■ **What the exercise asks**:
Go through the material and copy every line in which "select" appears.
Content starts
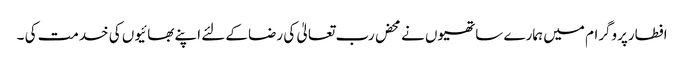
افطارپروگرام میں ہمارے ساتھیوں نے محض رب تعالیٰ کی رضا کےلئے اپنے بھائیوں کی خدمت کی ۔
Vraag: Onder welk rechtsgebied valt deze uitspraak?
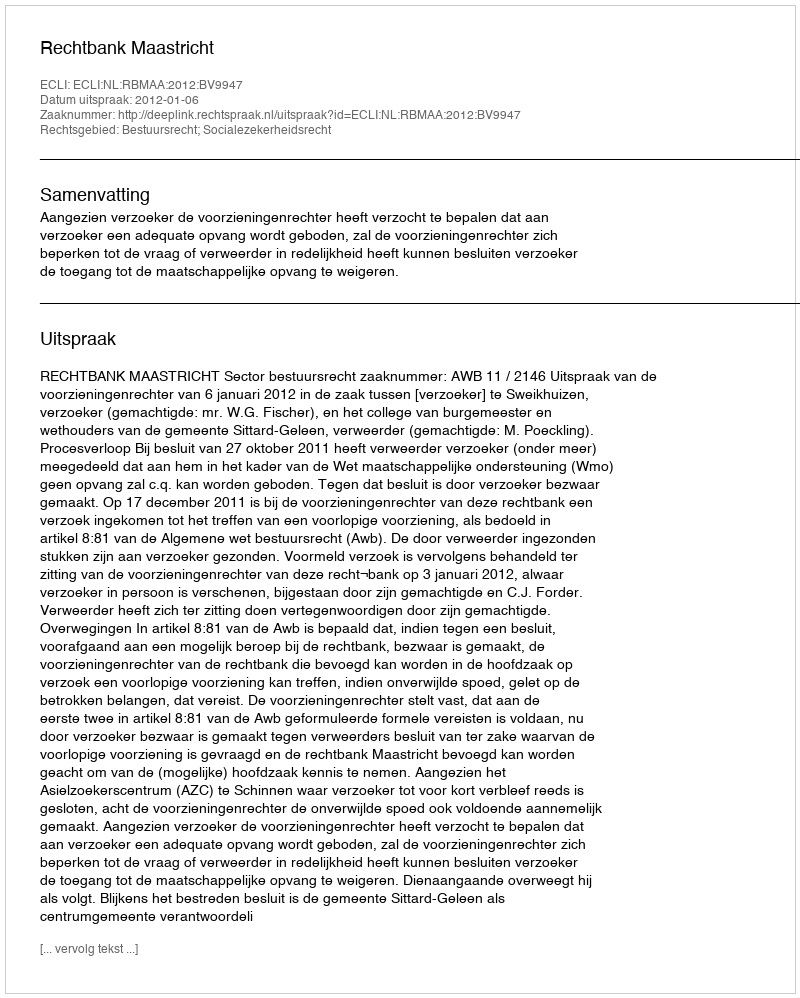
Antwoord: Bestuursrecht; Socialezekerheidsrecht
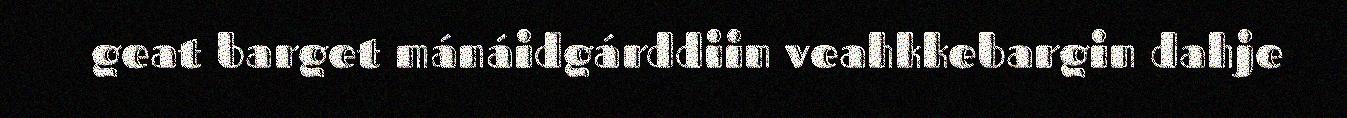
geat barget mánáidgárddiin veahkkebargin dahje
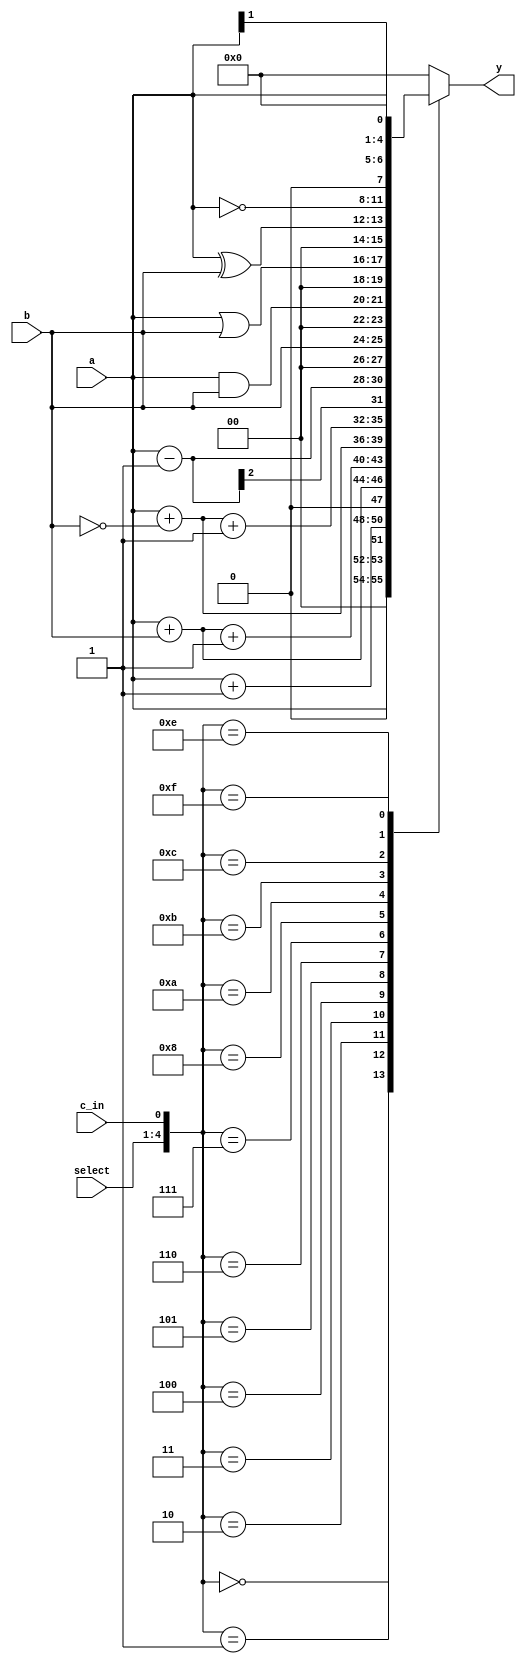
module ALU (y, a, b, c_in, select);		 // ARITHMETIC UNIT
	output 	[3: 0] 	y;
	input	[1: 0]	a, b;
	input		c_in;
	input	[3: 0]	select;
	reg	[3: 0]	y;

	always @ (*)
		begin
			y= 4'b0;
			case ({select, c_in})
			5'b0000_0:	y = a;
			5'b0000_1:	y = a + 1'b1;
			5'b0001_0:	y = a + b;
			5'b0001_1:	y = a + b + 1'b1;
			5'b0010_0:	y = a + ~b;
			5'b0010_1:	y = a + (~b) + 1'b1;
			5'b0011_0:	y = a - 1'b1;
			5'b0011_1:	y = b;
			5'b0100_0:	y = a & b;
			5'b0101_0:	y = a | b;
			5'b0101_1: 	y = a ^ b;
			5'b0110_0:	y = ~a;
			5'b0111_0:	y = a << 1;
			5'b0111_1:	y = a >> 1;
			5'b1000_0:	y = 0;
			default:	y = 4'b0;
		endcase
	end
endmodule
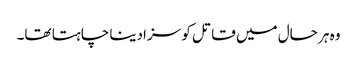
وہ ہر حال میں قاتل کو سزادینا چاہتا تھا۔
Content ends
■ **Response below**:
module ALU (y, a, b, c_in, select);		 // ARITHMETIC UNIT
	input	[3: 0]	select;
			case ({select, c_in})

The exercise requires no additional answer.